They looked a little stunned by my vehemence.  Or maybe it
was the alcohol—one lifted a fifth of whiskey and took a long chug as I
watched.  A hundred dollars said that bottle would either be left in my canoe,
or at the bottom of the lake.  Or—

I winced as it slipped from the blonde idiot’s grasp and
shattered on the rocky shore.  “Whoops,” he said with a chuckle.

“All right, no need to get upset,” the darker one said. 
“You wanna come party with us, pretty girl?”

What I wanted was to beat the hell out of the blonde for
littering on my beach, and then smite the brunette for calling me ‘girl’, when
he looked barely old enough to drink.  “No,” I gritted, “I really don’t.  Now
unhand my canoe, and get off my beach.  And tell
Gary
to turn it down.” 
I was proud of all the spots in those sentences I’d managed to omit the F-bomb.

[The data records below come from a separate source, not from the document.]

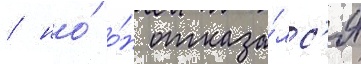
/ но́ о́н отказа́лс'я
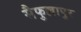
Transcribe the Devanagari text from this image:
सैफुल्लापुर
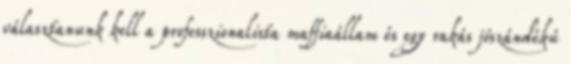
választanunk kell a professzionalista maffiaállam és egy rakás jószándékú
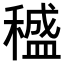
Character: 𥢱
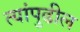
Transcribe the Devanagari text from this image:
त्यांपुढील
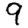
Digit: 9
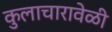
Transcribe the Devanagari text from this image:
कुलाचारावेळी
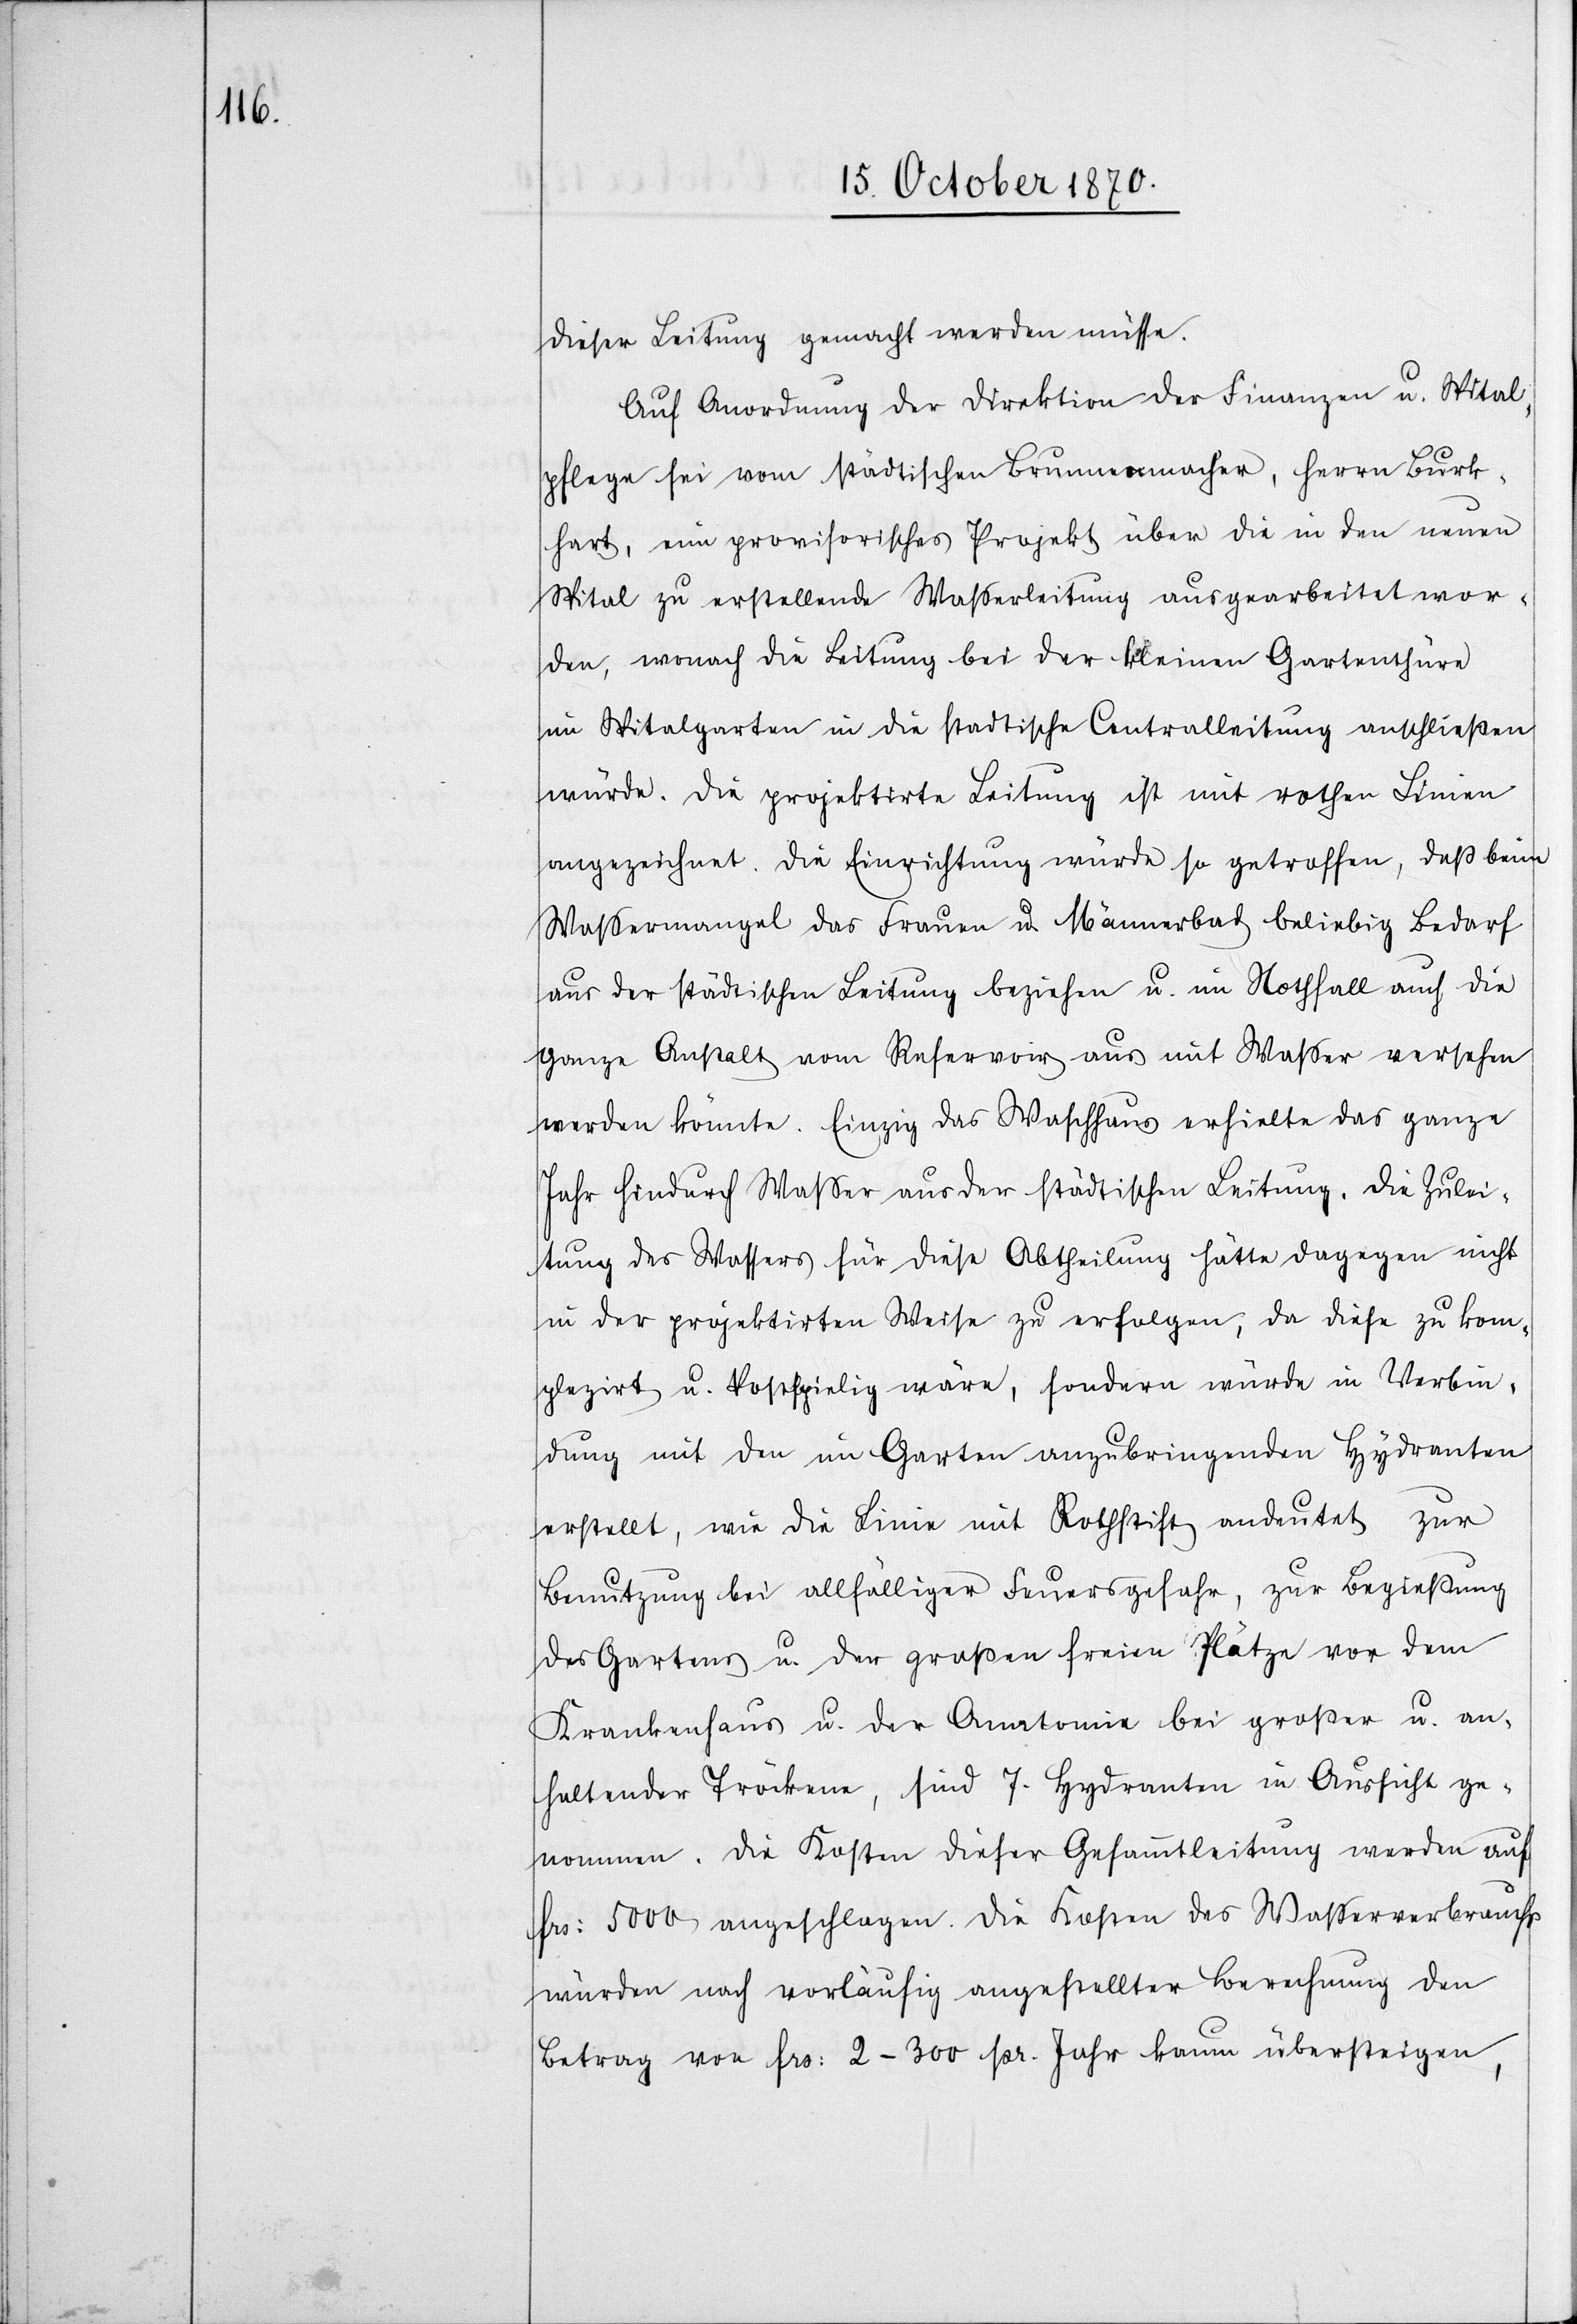
dieser Leitung gemacht werden müsse.
Auf Anordnung der Direktion der Finanzen u. Spital¬
pflege sei vom städtischen Brunnenmacher, Herrn Burk¬
hart, ein provisorisches Projekt über die in den neuen
Spital zu erstellende Wasserleitung ausgearbeitet wor¬
den, wonach die Leitung bei der kleinen Gartenthüre
im Spitalgarten in die städtische Centralleitung anschließen
würde. Die projektirte Leitung ist mit rothen Linien
angezeichnet. Die Einrichtung wurde so getroffen, daß beim
Waßermangel das Frauen u. Männerbad beliebig Bedarf
aus der städtischen Leitung beziehen u. im Nothfall auch die
ganze Anstalt vom Reservoir aus mit Waßer versehen
werden könnte. Einzig das Waschhaus erhielte das ganze
Jahr hindurch Wasser aus der städtischen Leitung. Die Zulei¬
tung des Wassers für diese Abtheilung hätte dagegen nicht
in der projektirten Weise zu erfolgen, da diese zu kom¬
plezirt u. kostspielig wäre, sondern würde in Verbin¬
dung mit den im Garten anzubringenden Hydranten
erstellt, wie die Linie mit Rothstift andeutet zur
Benutzung bei allfälliger Feuergefahr, zur Begießung
des Gartens u. der großen freien Plätze vor dem
Krankenhaus u. der Anatomie bei großer u. an¬
haltender Tröckene, sind 7. Hydranten in Aussicht ge¬
nommen. Die Kosten dieser Gesammtleitung werden auf
Frs: 5000 angeschlagen. Die Kosten des Wasserverbrauchs
würden nach vorläufig angestellter Berechnung den
Betrag von Frs: 2–300 pr. Jahr kaum übersteigen.

They laughed—which didn’t sound like consent—but then turned
their sloppy-drunk selves around to wander back in the direction of my evil
neighbor’s cabin.  They shot glances back at me as they walked and laughed, leaving
me with an almost-launched canoe and a beach full of broken glass.

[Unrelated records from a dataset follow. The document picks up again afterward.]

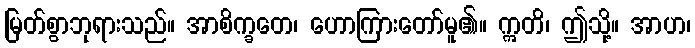
မြတ်စွာဘုရားသည်။ အာစိက္ခတေ၊ ဟောကြားတော်မူ၏။ ဣတိ၊ ဤသို့။ အာဟ၊
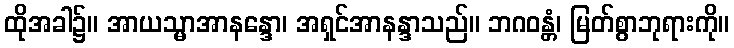
ထိုအခါ၌။ အာယသ္မာအာနန္ဒော၊ အရှင်အာနန္ဒာသည်။ ဘဂဝန္တံ၊ မြတ်စွာဘုရားကို။
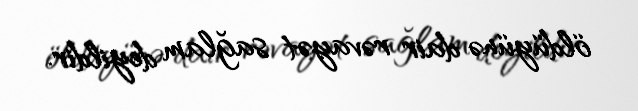
öldüyünə dair rəvayət sağlam deyildir.
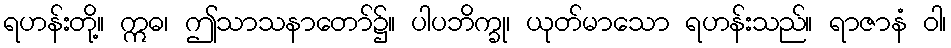
ရဟန်းတို့။ ဣဓ၊ ဤသာသနာတော်၌။ ပါပဘိက္ခု၊ ယုတ်မာသော ရဟန်းသည်။ ရာဇာနံ ဝါ၊
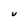
Character: U
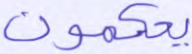
يحكمون
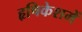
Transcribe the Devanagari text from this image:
हृषिकेशमें
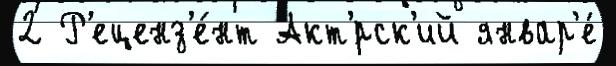
2 Р'еценз'е́нт Акт'́рск'ий январ'е́
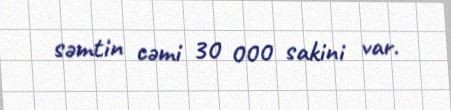
səmtin cəmi 30 000 sakini var.
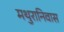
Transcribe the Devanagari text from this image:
मथुरानिवास
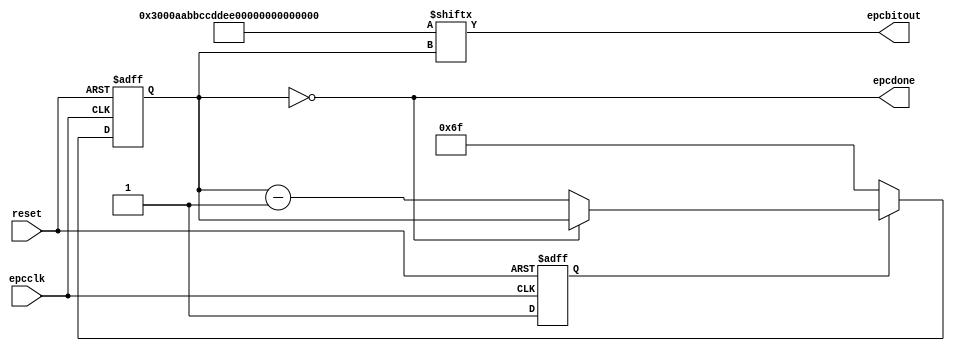
`timescale 1ns/1ns

// EPC: generate tag response to an ACK.
// Copyright 2010 University of Washington
// License: http://creativecommons.org/licenses/by/3.0/
// 2008 Dan Yeager

//  2 byte  PC: 0x30, 0x00
// 12 byte EPC: 0xAA, 0xBB, 0xCC, 0xDD, 0xEE, 0xFF, 0x00, 0x11, 0x22, 0x33, 0x44, 0x55

module epc(reset, epcclk, epcbitout, epcdone);
input reset, epcclk;
output epcbitout, epcdone;

wire [111:0] epc;
assign epc = 112'h3000aabbccddeeff012345678910;

reg [6:0] bitoutcounter;
assign epcbitout = epc[bitoutcounter];
assign epcdone = (bitoutcounter == 0);
reg    initialized;

always @ (posedge epcclk or posedge reset) begin
  if (reset) begin
    bitoutcounter <= 0;
    initialized   <= 0;
  end else if (!initialized) begin
    bitoutcounter <= 111;
    initialized <= 1;
  end else if (!epcdone) begin
    bitoutcounter <= bitoutcounter - 7'd1;
  end else begin
  end // ~reset
end // always

endmodule
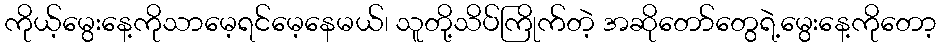
ကိုယ့်မွေးနေ့ကိုသာမေ့ရင်မေ့နေမယ်၊ သူတို့သိပ်ကြိုက်တဲ့ အဆိုတော်တွေရဲ့မွေးနေ့ကိုတော့
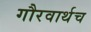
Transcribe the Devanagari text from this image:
गौरवार्थच
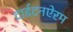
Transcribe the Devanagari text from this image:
टाईटनऐरम
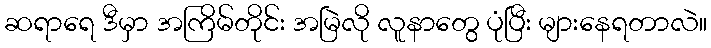
ဆရာရေ ဒီမှာ အကြိမ်တိုင်း အမြဲလို လူနာတွေ ပုံပြီး များနေရတာလဲ။
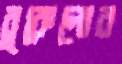
বুকেলোর
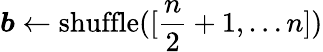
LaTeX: \boldsymbol b\gets\mathrm{shuffle}([\frac{n}{2}+1,\dots n])
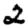
Digit: 2
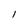
Character: 1
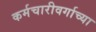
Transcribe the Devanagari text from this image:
कर्मचारीवर्गाच्या
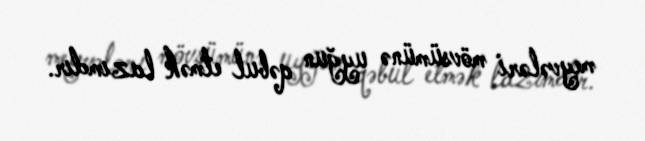
meyvələri mövsümünə uyğun qəbul etmək lazımdır.
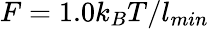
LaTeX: F=1.0k_{B}T/l_{min}
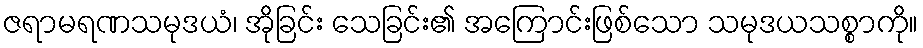
ဇရာမရဏသမုဒယံ၊ အိုခြင်း သေခြင်း၏ အကြောင်းဖြစ်သော သမုဒယသစ္စာကို။

I grimaced as I felt my emotions tip toward
self-consciousness.  I cleaned up okay, but as a general rule, I wore whatever
I wanted when I was at my cabin, the more comfortable the better.  Today I was wearing
a baggy, tie-dyed T-shirt without a bra, and fleece pajama pants dotted with
purple hearts, the ragged hems of which gathered over my mud-stained leather
boots.  I wasn’t a fashionista by any means, but I was aware enough to know my
clothing couldn’t have been less in style, or clashed harder, if I’d been
trying.

As for the rest of me:  My long blonde hair—undyed, un-highlighted,
and most recently trimmed by yours truly—was up in a messy ponytail, and I had
no makeup or jewelry on, not that I usually wore any.  My nails were short, un-manicured,
and unpainted, on fingers that no one would call graceful; damaged by water,
burned by fishing lines, and ripped by hooks.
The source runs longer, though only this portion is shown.